Anthropic nears first quarterly profit while locking in £930m monthly SpaceX compute deal

TL;DR:

  • Anthropic told investors its June quarter sales could reach at least £8.6bn ($10.9bn), more than double the £3.8bn ($4.8bn) it booked in the March quarter, generating an expected Q2 operating profit of about £444m ($559m).
  • Disclosed in SpaceX’s IPO filing on the same day: Anthropic has agreed to pay SpaceX £930m ($1.25bn) per month for AI compute capacity through May 2029, covering both Colossus and Colossus II training clusters.
  • SpaceX’s own AI segment lost roughly £1.85bn ($2.5bn) on £610m ($818m) of revenue in the March quarter, indicating the seller of compute is still in the red even as a frontier-lab customer turns profitable.

The two figures, published within hours of each other, reset the standing narrative on frontier-lab unit economics. Until now, the working assumption among UK enterprise buyers and investors has been that the leading AI labs would burn cash indefinitely. Anthropic’s path to operating profit on Claude — driven by demand for coding tools and the Mythos security model — suggests the question is shifting from “can the labs make money?” to “how does the compute supplier get paid back?”

A £15bn-a-year compute bill changes how enterprises evaluate AI suppliers

The £930m monthly commitment annualises to roughly £15bn a year — an extraordinary single-vendor concentration. Either side can terminate with 90 days’ notice, but the public disclosure changes how UK CIOs and procurement teams should think about supplier viability. A frontier lab is now contractually tied to a private space company’s AI infrastructure timeline. Customers buying Claude or Mythos for the next three years are buying into that triangular dependency.

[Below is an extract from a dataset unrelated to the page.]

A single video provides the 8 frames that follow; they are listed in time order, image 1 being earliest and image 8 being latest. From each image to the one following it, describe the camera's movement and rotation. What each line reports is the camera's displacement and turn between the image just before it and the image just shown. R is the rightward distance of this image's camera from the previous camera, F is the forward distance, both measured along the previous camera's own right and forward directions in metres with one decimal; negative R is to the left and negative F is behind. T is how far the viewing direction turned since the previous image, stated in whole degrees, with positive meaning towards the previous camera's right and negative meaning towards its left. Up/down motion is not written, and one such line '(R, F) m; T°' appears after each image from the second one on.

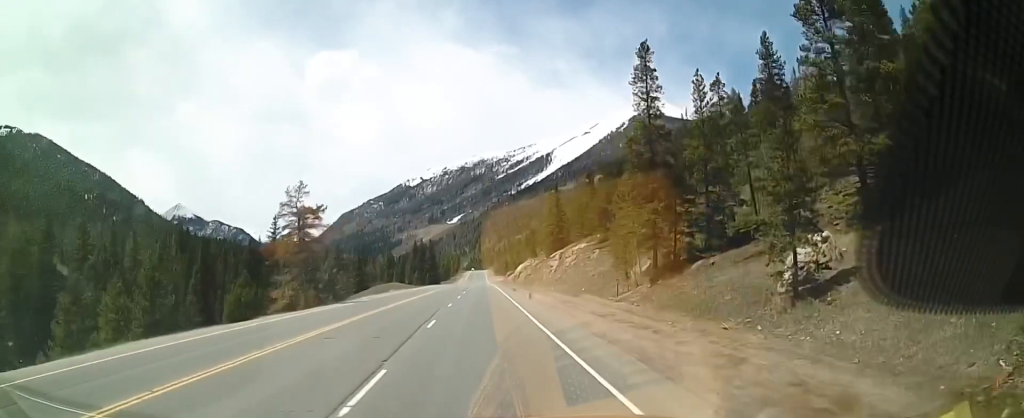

Anthropic’s revenue ramp also sharpens the competitive picture. OpenAI, which is itself moving towards an IPO with a confidential US filing expected in coming weeks, has historically led on consumer ChatGPT traffic. Anthropic’s enterprise lead — particularly with developers using Claude for code and security teams using Mythos for vulnerability discovery — is now visible in the financials, not just the procurement chatter.

Looking forward

For UK enterprise buyers, the practical questions follow the disclosures. Do existing Anthropic contracts depend on SpaceX clusters in ways procurement should flag for resilience reviews? Does Anthropic’s expected profit reduce or increase pressure on Claude pricing — and how does that change the multi-vendor approach UK CIOs have been building to avoid platform lock-in? The £15bn annual compute commitment also reframes how the UK should think about its own sovereign-compute ambitions: even a profitable frontier lab needs ten figures of capacity per year, and those clusters aren’t currently being built in Britain.

Currency conversions use £1 = $1.27 at time of writing.